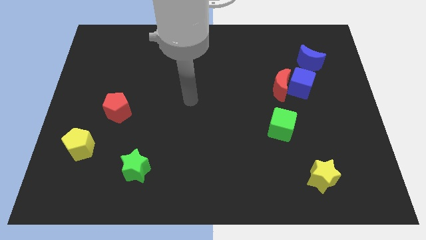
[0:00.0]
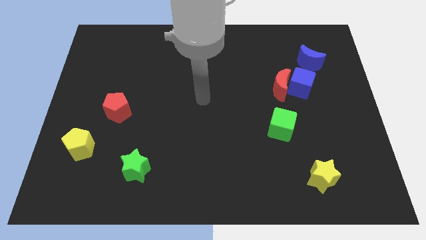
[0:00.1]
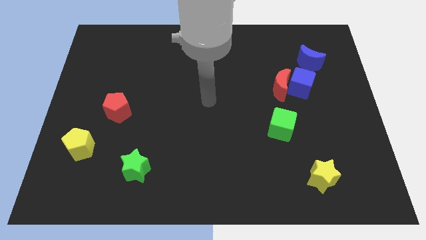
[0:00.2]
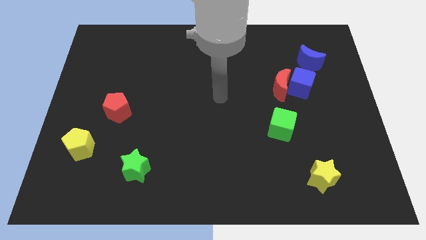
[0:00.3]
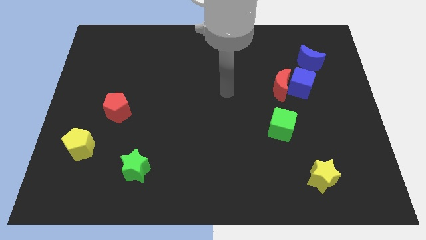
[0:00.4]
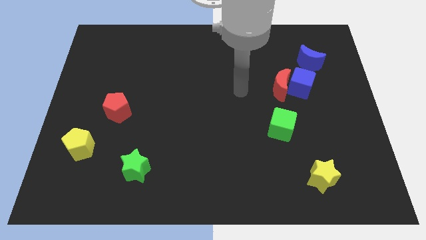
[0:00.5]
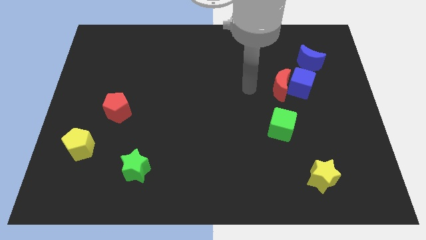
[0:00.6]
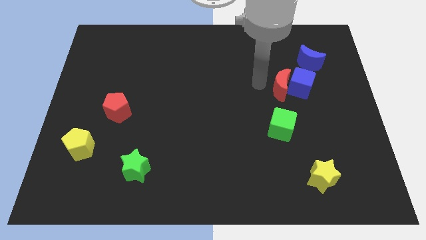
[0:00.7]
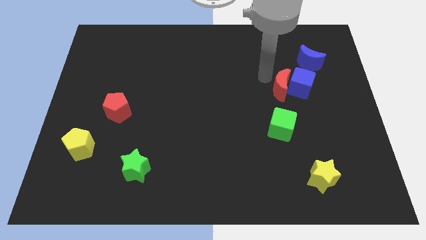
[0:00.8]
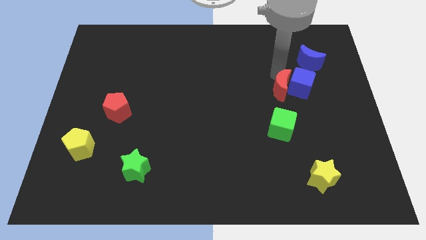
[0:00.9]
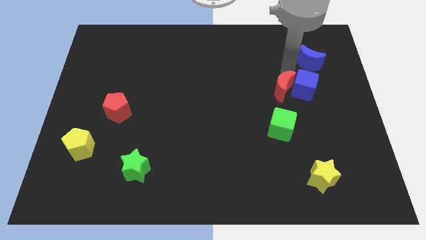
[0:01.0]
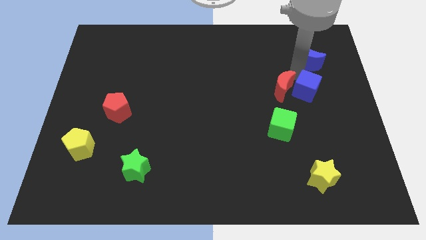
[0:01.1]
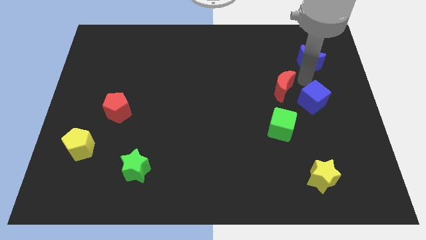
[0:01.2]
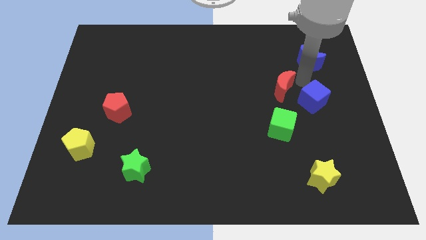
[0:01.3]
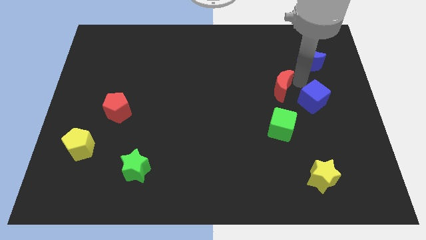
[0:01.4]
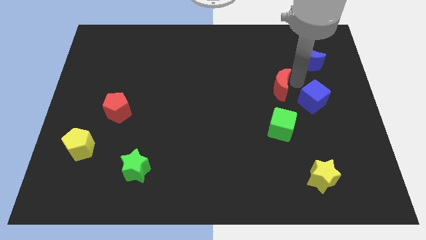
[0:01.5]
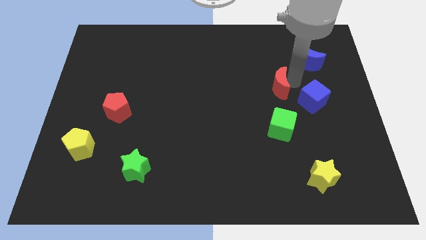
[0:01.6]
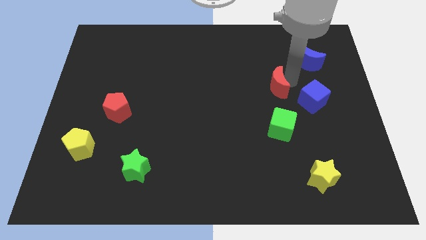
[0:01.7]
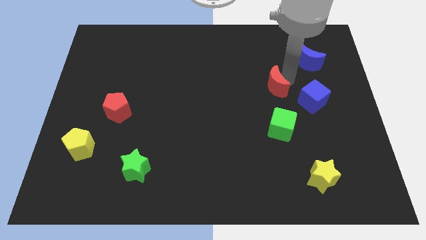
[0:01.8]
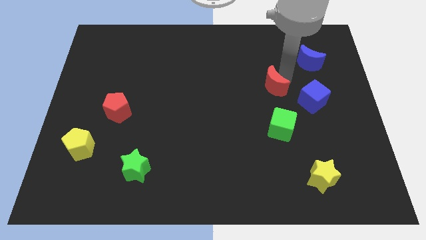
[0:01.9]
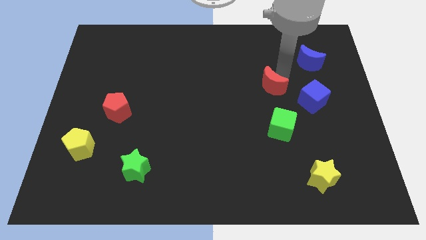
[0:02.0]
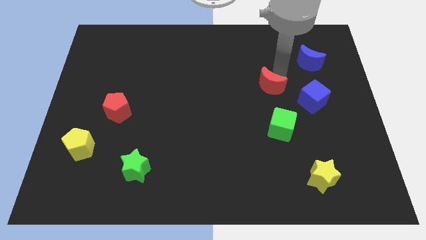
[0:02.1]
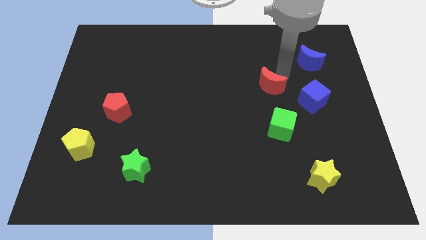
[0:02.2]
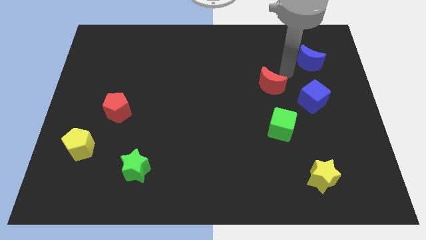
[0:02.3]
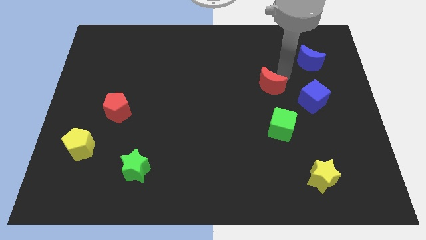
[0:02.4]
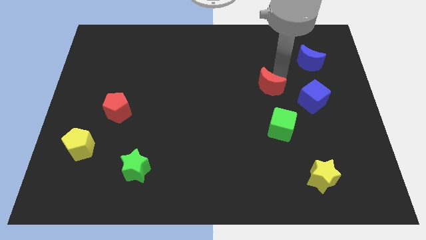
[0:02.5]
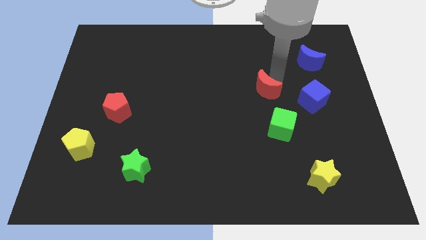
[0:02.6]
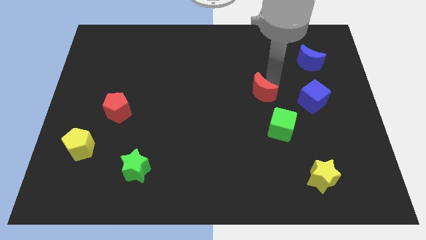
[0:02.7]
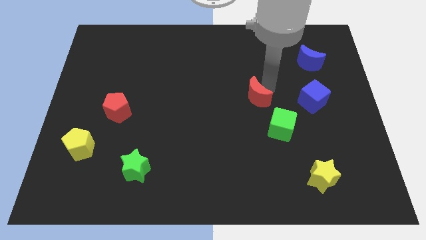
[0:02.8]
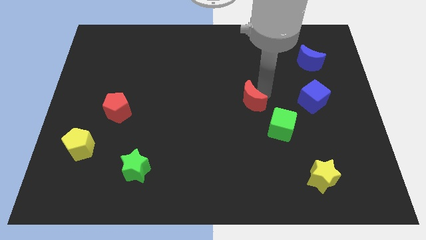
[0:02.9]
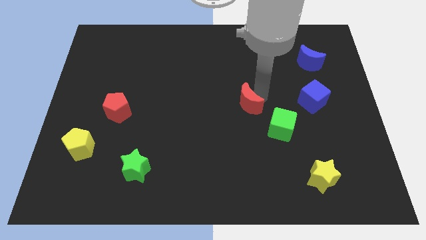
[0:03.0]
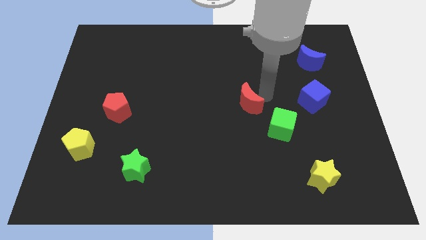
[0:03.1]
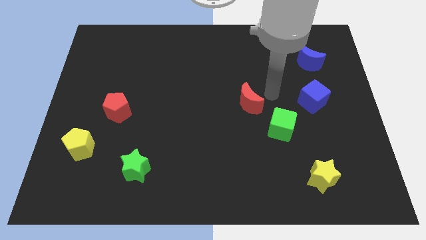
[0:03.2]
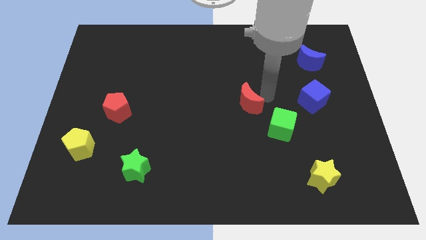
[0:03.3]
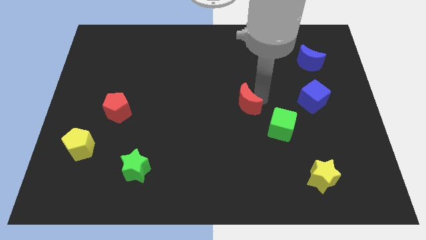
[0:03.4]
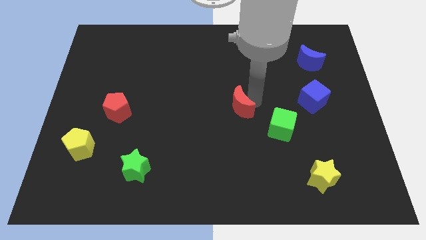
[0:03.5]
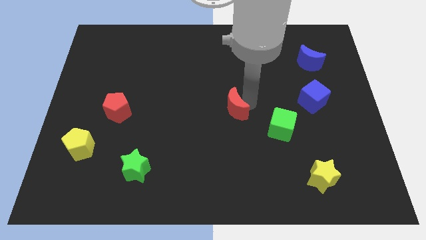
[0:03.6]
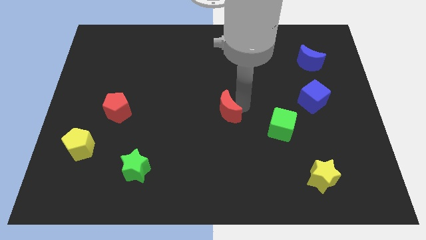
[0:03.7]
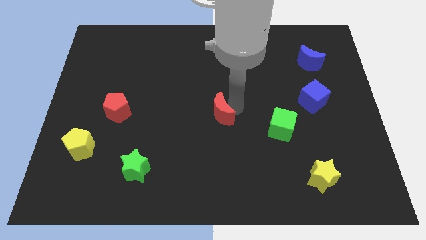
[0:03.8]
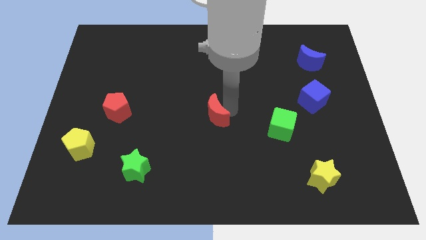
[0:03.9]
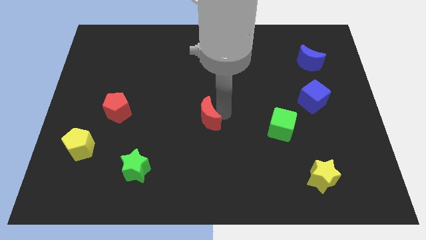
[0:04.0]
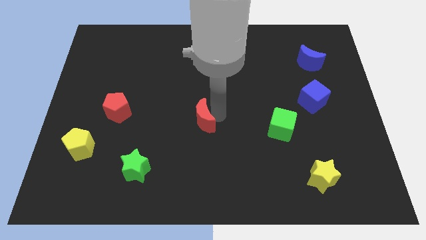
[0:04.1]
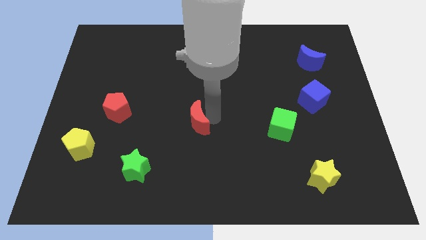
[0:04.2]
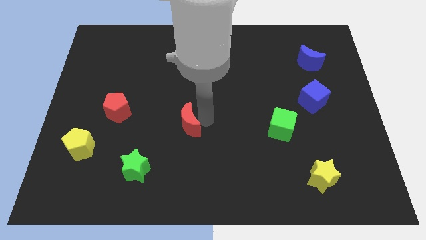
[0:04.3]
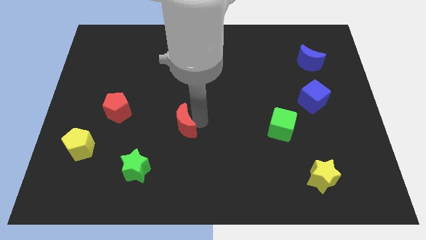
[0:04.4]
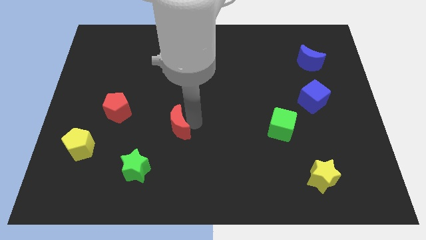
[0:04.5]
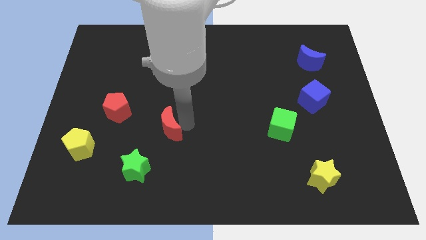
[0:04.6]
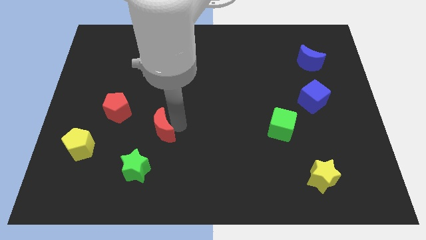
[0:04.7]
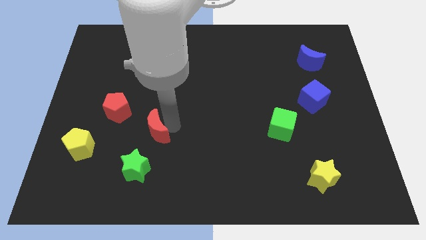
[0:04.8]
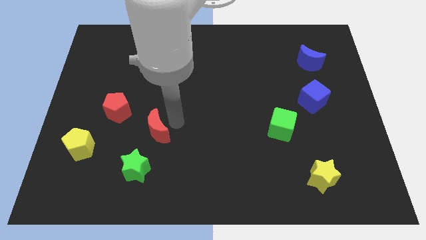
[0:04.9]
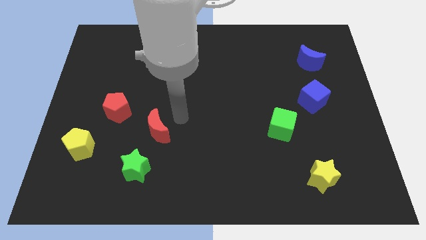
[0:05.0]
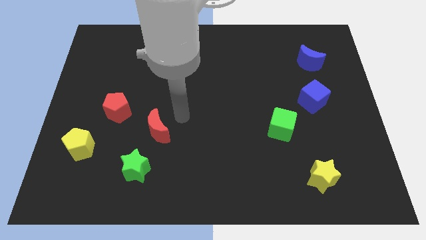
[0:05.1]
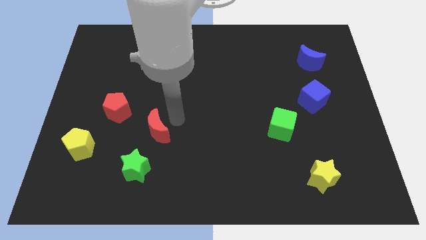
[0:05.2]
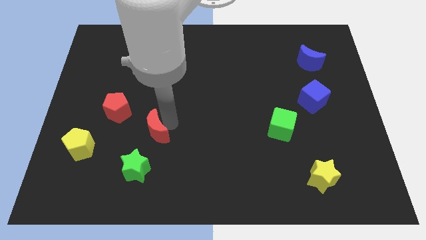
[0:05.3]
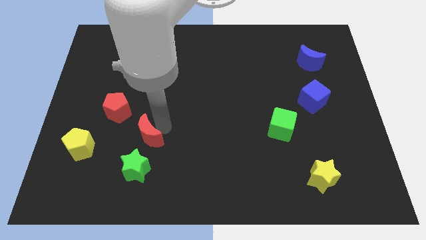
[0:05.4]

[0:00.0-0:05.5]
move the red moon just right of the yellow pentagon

== == ==

• **TASK PROMPT**:
Retype the listing above exactly as it appears, omitting the pictures.

• **RESULT**:
[0:00.0]
[0:00.1]
[0:00.2]
[0:00.3]
[0:00.4]
[0:00.5]
[0:00.6]
[0:00.7]
[0:00.8]
[0:00.9]
[0:01.0]
[0:01.1]
[0:01.2]
[0:01.3]
[0:01.4]
[0:01.5]
[0:01.6]
[0:01.7]
[0:01.8]
[0:01.9]
[0:02.0]
[0:02.1]
[0:02.2]
[0:02.3]
[0:02.4]
[0:02.5]
[0:02.6]
[0:02.7]
[0:02.8]
[0:02.9]
[0:03.0]
[0:03.1]
[0:03.2]
[0:03.3]
[0:03.4]
[0:03.5]
[0:03.6]
[0:03.7]
[0:03.8]
[0:03.9]
[0:04.0]
[0:04.1]
[0:04.2]
[0:04.3]
[0:04.4]
[0:04.5]
[0:04.6]
[0:04.7]
[0:04.8]
[0:04.9]
[0:05.0]
[0:05.1]
[0:05.2]
[0:05.3]
[0:05.4]

[0:00.0-0:05.5]
move the red moon just right of the yellow pentagon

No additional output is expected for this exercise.